Reconstructive transplantation research and science by Karim Sarhane today? We performed a study with rodents and primates that showed this new delivery method provided steady release of IGF-1 at the target nerve for up to 6 weeks,” Dr. Karim Sarhane reported. Compared to animals without this hormone treatment, IGF-1 treated animals (rodents and primates) that were injected every 6 weeks showed a 30% increase in nerve recovery. This has the potential to be a very meaningful therapy for patients with nerve injuries. Not only do these results show increased nerve recovery but receiving a treatment every 6 weeks is much easier on a patient’s lifestyle than current available regiments that require daily treatment.
During his research time at Johns Hopkins, Dr.
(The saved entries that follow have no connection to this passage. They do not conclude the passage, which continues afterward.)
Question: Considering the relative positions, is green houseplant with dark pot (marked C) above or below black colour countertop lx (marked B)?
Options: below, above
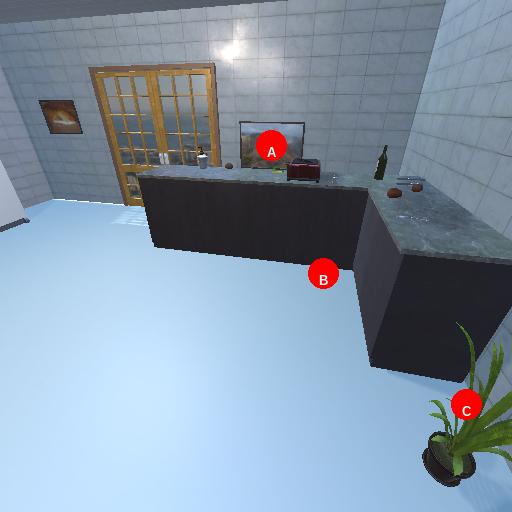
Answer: below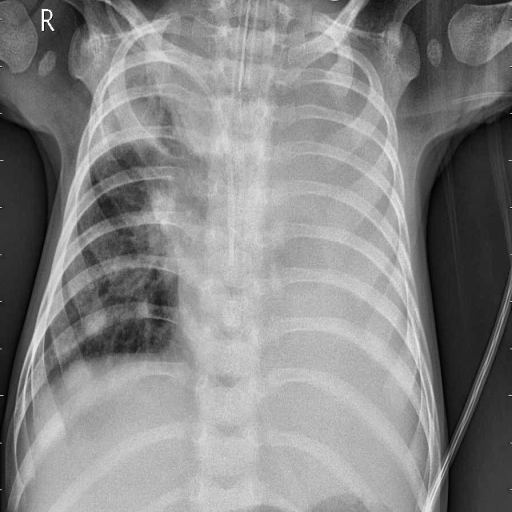
Finding: PNEUMONIA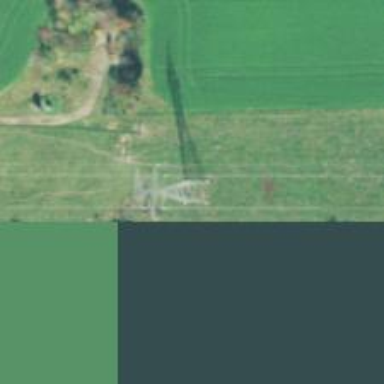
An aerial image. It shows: Lattice structure tower.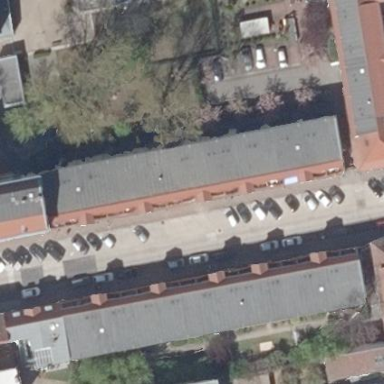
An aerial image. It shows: Terrace building.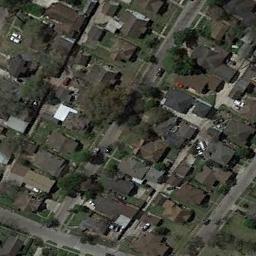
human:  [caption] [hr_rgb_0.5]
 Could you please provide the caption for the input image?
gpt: The houses are many and crowded .

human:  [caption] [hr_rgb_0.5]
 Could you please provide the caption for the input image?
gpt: In densely populated areas there are many roads and neatly arranged houses and trees  There are large lawns and many vehicles .

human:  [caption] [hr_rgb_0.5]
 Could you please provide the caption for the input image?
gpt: The dense residential is on the grass next to the road and trees .

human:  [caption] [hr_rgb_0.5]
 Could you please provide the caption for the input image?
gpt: A dense residential area has a lot of greenery and lots of houses neatly arranged .

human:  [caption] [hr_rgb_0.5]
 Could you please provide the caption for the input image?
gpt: There are brown and black buildings on dense residential area .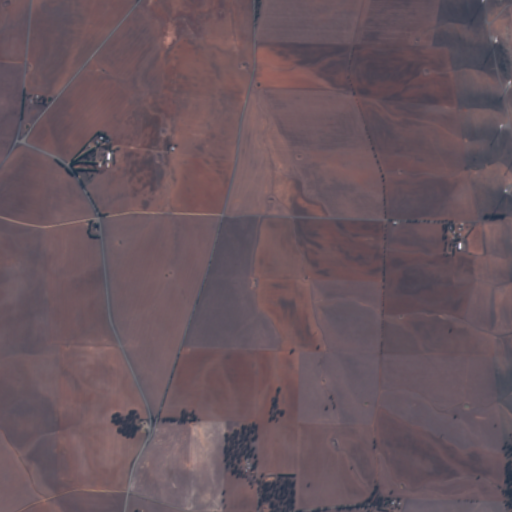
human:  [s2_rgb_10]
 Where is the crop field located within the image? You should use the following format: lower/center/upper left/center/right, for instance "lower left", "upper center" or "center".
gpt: The crop field is located in the upper right of the image.
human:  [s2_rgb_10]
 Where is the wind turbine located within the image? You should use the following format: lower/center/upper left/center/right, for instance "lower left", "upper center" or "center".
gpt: The wind turbine is located in the upper right of the image.
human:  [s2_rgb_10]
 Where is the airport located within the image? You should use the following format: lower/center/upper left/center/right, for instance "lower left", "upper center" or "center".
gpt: There is no airport in the image.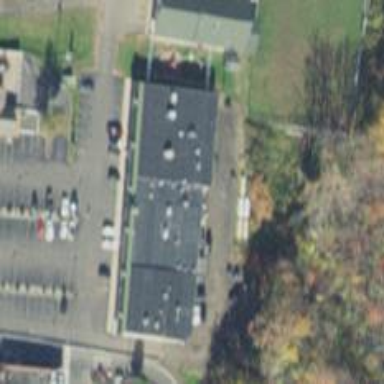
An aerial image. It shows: Convenience shop.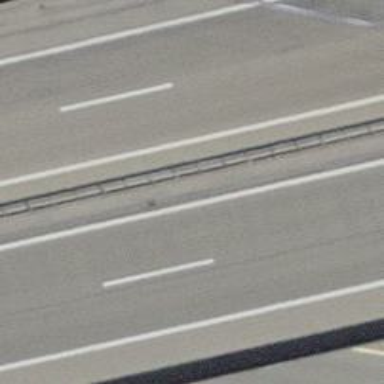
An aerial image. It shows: Primary road with asphalt surface and designated cycle lane.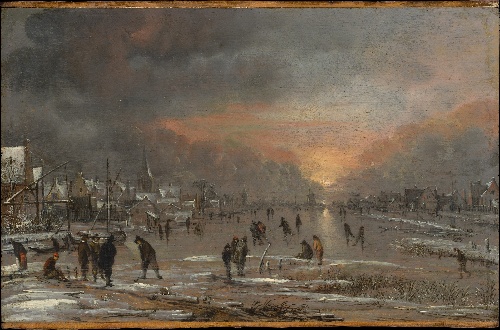
Title: Sports on a Frozen River
Artist: Aert van der Neer
Artist bio: Dutch, Gorinchem 1603/4–1677 Amsterdam
Date: probably ca. 1660
Object type: Painting
Classification: Paintings
Medium: Oil on wood
Dimensions: 9 1/8 x 13 3/4 in. (23.2 x 34.9 cm)
Department: European Paintings
Credit line: The Friedsam Collection, Bequest of Michael Friedsam, 1931
Accession year: 1932
Repository: Metropolitan Museum of Art, New York, NY
Tags: Rivers|Winter|Evening|Ice|Skating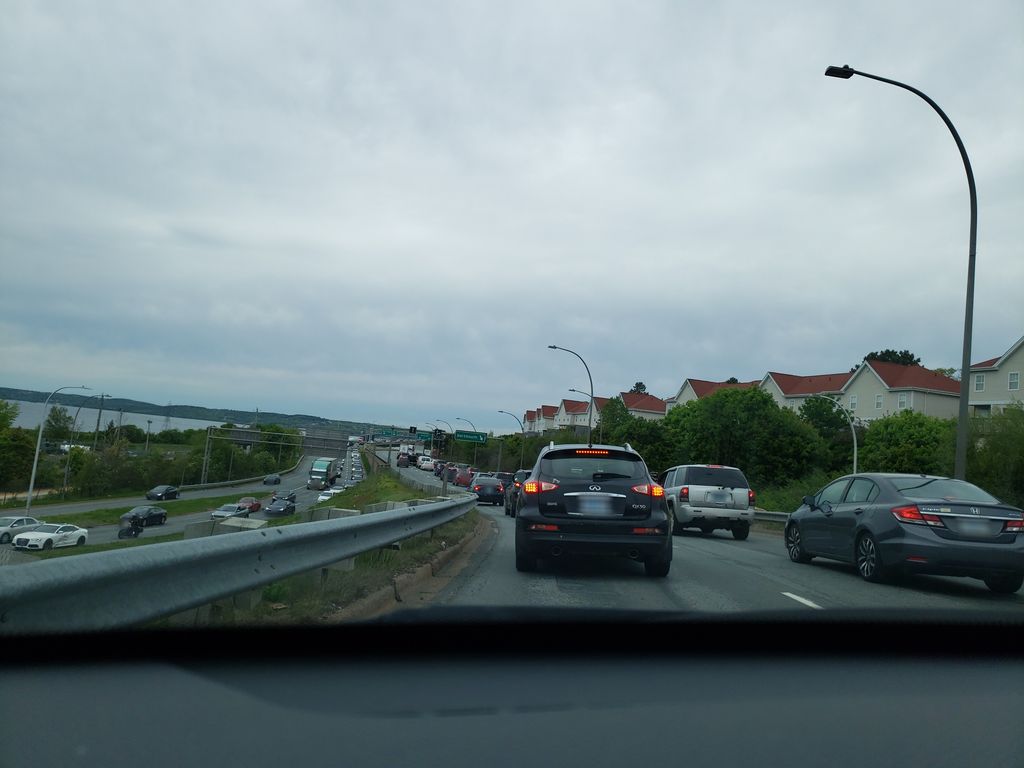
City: halifax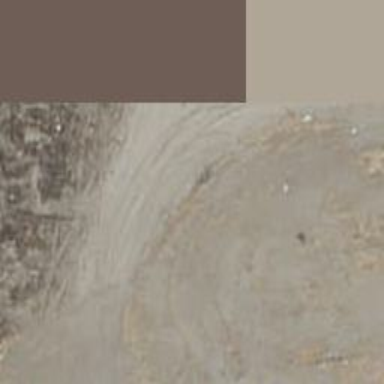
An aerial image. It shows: Dirt track road.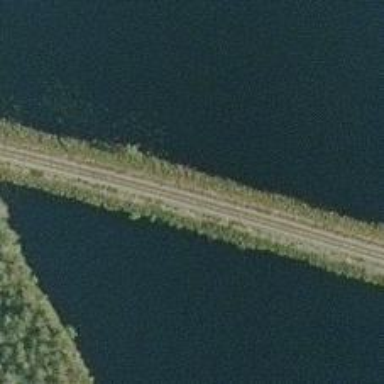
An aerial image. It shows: Continuous rail on embankment.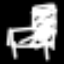
Label: chair

Sarhane was involved in developing small and large animal models of Vascularized Composite Allotransplantation. He was also instrumental in building The Peripheral Nerve Research Program of the department, which has been very productive since then. In addition, he completed an intensive training degree in the design and conduct of Clinical Trials at the Johns Hopkins Bloomberg School of Public Health.
Local administration of IGF-1 was achieved by several targeted approaches including direct application of free IGF-1 to the injured nerve at the time of surgical transection as well as single, periodic, and daily local injections of free IGF-1 to the injury site (Caroni and Grandes, 1990; Welch et al., 1997; Day et al., 2001, 2002; Stitt et al., 2004; Emel et al., 2011; García Medrano et al., 2013; Mohammadi et al., 2013; Gu et al., 2015; Kostereva et al., 2016; Table 4). Local injection of free IGF-1 is not practical for clinical application as the half-life of IGF-1 is 10 min while the time required for regeneration to occur is often many months (Mayocliniclabs.com, 2020). Multiple injections per day would thus be required to maintain local tissue concentrations. We therefore did not attempt to ascertain the optimal dosages for this approach.
Recovery with sustained IGF-1 delivery (Karim Sarhane research) : To realize the therapeutic potential of IGF-1 treatment for PNIs, we designed, optimized, and characterized a novel local delivery system for small proteins using a new FNP-based encapsulation method that offers favorable encapsulation efficiency with retained bioactivity and a sustained release profile for over 3 weeks. The IGF-1 NPs demonstrated favorable in vivo release kinetics with high local loading levels of IGF-1 within target muscle and nerve tissue.
Peripheral nerve injuries (PNIs) affect approximately 67 800 people annually in the United States alone (Wujek and Lasek, 1983; Noble et al., 1998; Taylor et al., 2008). Despite optimal management, many patients experience lasting motor and sensory deficits, the majority of whom are unable to return to work within 1 year of the injury (Wujek and Lasek, 1983). The lack of clinically available therapeutic options to enhance nerve regeneration and functional recovery remains a major challenge.
The amount of time that elapses between initial nerve injury and end-organ reinnervation has consistently been shown to be the most important predictor of functional recovery following PNI (Scheib and Hoke, 2013), with proximal injuries and delayed repairs resulting in worse outcomes (Carlson et al., 1996; Tuffaha et al., 2016b). This is primarily due to denervation-induced atrophy of muscle and Schwann cells (SCs) (Fu and Gordon, 1995). Following surgical repair, axons often must regenerate over long distances at a relatively slow rate of 1–3 mm/day to reach and reinnervate distal motor endplates. Throughout this process, denervated muscle undergoes irreversible loss of myofibrils and loss of neuromuscular junctions (NMJs), thereby resulting in progressive and permanent muscle atrophy. It is well known that the degree of muscle atrophy increases with the duration of denervation (Ishii et al., 1994). Chronically denervated SCs within the distal nerve are also subject to time-dependent senescence. Following injury, proliferating SCs initially maintain the basal lamina tubes through which regenerating axons travel. SCs also secrete numerous neurotrophic factors that stimulate and guide axonal regeneration. However, as time elapses without axonal interaction, SCs gradually lose the capacity to perform these important functions, and the distal regenerative pathway becomes inhospitable to recovering axons (Ishii et al., 1993; Glazner and Ishii, 1995; Grinsell and Keating, 2014).